Artificial intelligence (AI) has taken over the entire world, and no sector is untouched by the magic of this technological advancement. Today, 77% of devices are incorporating AI tech, despite only a third of consumers thinking they are using AI platforms.
A growing number of organizations are also increasingly adopting AI for business growth, with 9 out of 10 companies supporting the tech for a competitive advantage. This usage is projected to eliminate 85 million jobs but, at the same time, create 97 million new ones.
These numbers reflect the estimates that the AI market will contribute $15.7 trillion to the global economy by 2030. The AI market size is also expected to grow by at least 120% year-over-year.
However, as AI adoption grows, so does the demand for energy to power data centers, which are extremely energy-intensive. Running and cooling thousands of servers around the clock requires massive amounts of energy. Currently, this energy is drawn from the electrical grid, which causes issues during peak demand and strains the system. According to Chevron (CVX +1.51%) CEO Mike Wirth:
“The growth and demand for power can burden a grid that is already stressed. It could add cost to consumers. Natural gas will help power the rapid growth of artificial intelligence with its insatiable demand for reliable electricity.”
In response to this demand, Chevron recently announced that it would work with GE (GE +2.46%) Verona and Engine No. 1 to generate electricity for AI by building natural gas power plants directly connected to data centers.
Currently, the data centers account for around 1% of global electricity consumption, as per a report by the International Energy Agency (IEA).
But this is just the beginning as companies spend billions of dollars to build even more data centers.

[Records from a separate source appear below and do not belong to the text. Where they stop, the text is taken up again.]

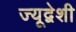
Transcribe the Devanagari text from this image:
ज्यूद्वेशी
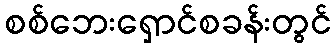
စစ်ဘေးရှောင်စခန်းတွင်
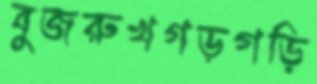
বুজরুখগড়গড়ি
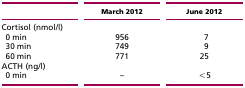
<table><thead><tr><td></td><td><b>March 2012</b></td><td><b>June 2012</b></td></tr></thead><tbody><tr><td>Cortisol (nmol/l)</td><td></td><td></td></tr><tr><td> 0 min</td><td>956</td><td> 7</td></tr><tr><td> 30 min</td><td>749</td><td> 9</td></tr><tr><td> 60 min</td><td>771</td><td>25</td></tr><tr><td>ACTH (ng/l)</td><td></td><td></td></tr><tr><td> 0 min</td><td>–</td><td>&lt;5</td></tr></tbody></table>
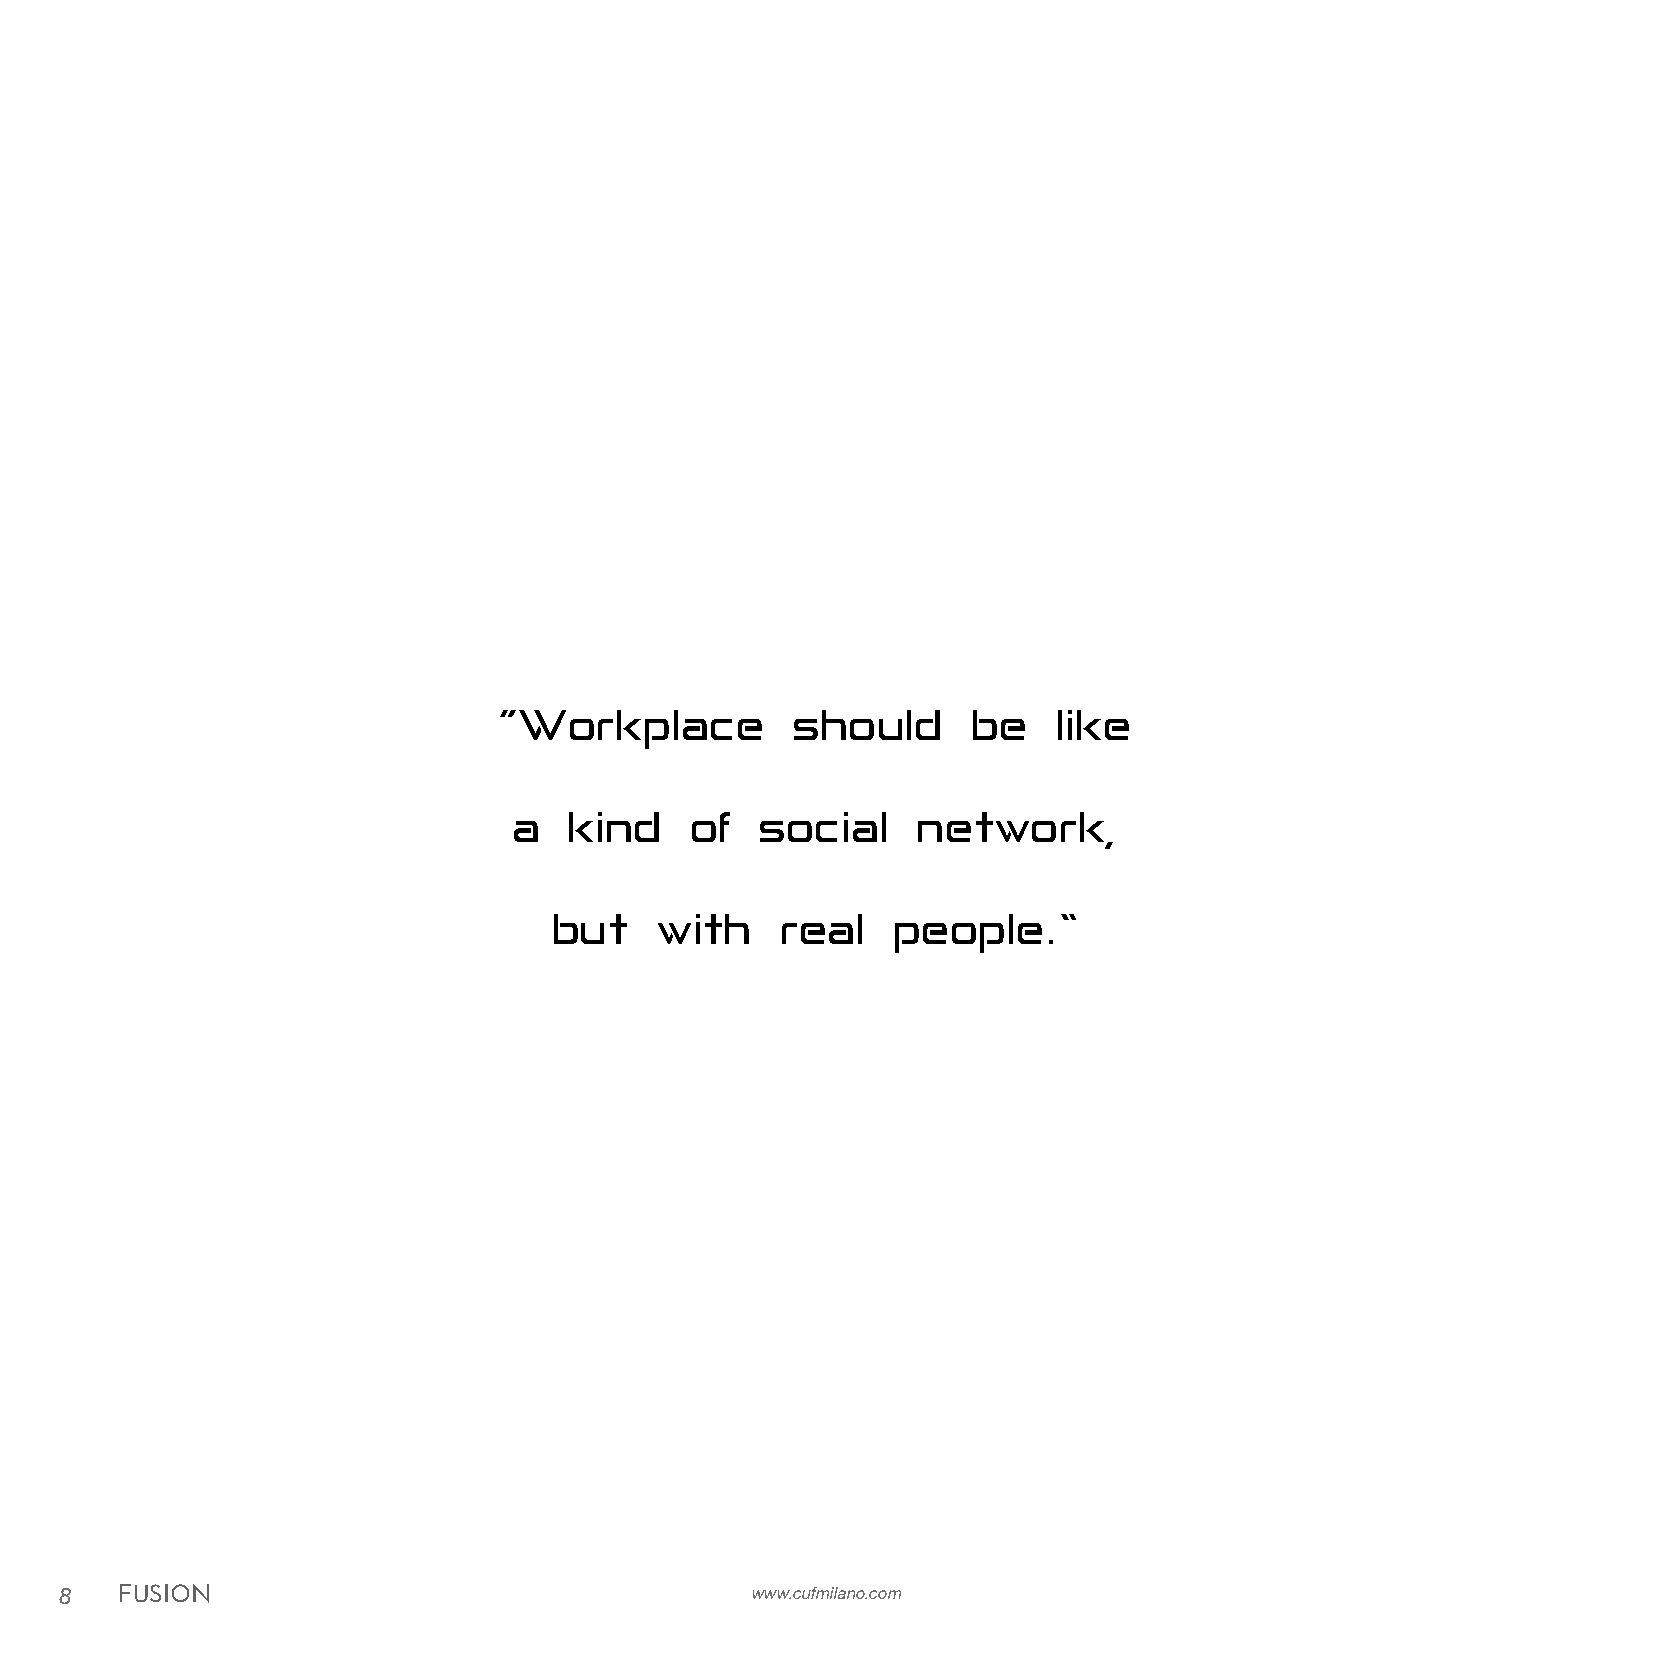
“Workplace          should     be    like
 a   kind    of  social     network,
 but    with    real   people.”
 8   FUSION                                    www.cufmilano.com                                                                                            www.cufmilano.com

Microsoft (MSFT +0.46%) is planning to invest $80 billion in AI-enabled data centers, with half of it allocated to the US. According to Blackstone (BX +4.82%) estimates, over $1 trillion will be invested in US data centers through 2030, with Google (GOOGL -0.33%), Meta (META -0.76%), and Amazon (AMZN -0.41%) among the tech giants building data centers across the nation.
So, the energy consumption of the sector is only going to accelerate from here. Goldman Sachs (GS +2.06%) estimates data center power demand to grow by 160% in the next five years, which will naturally drive unprecedented growth in electricity usage.
As per the Electric Power Research Institute (EPRI) estimates, the energy consumption by these facilities in the US may consume between 4.6% and 9.1% of total electricity generation by the end of this decade.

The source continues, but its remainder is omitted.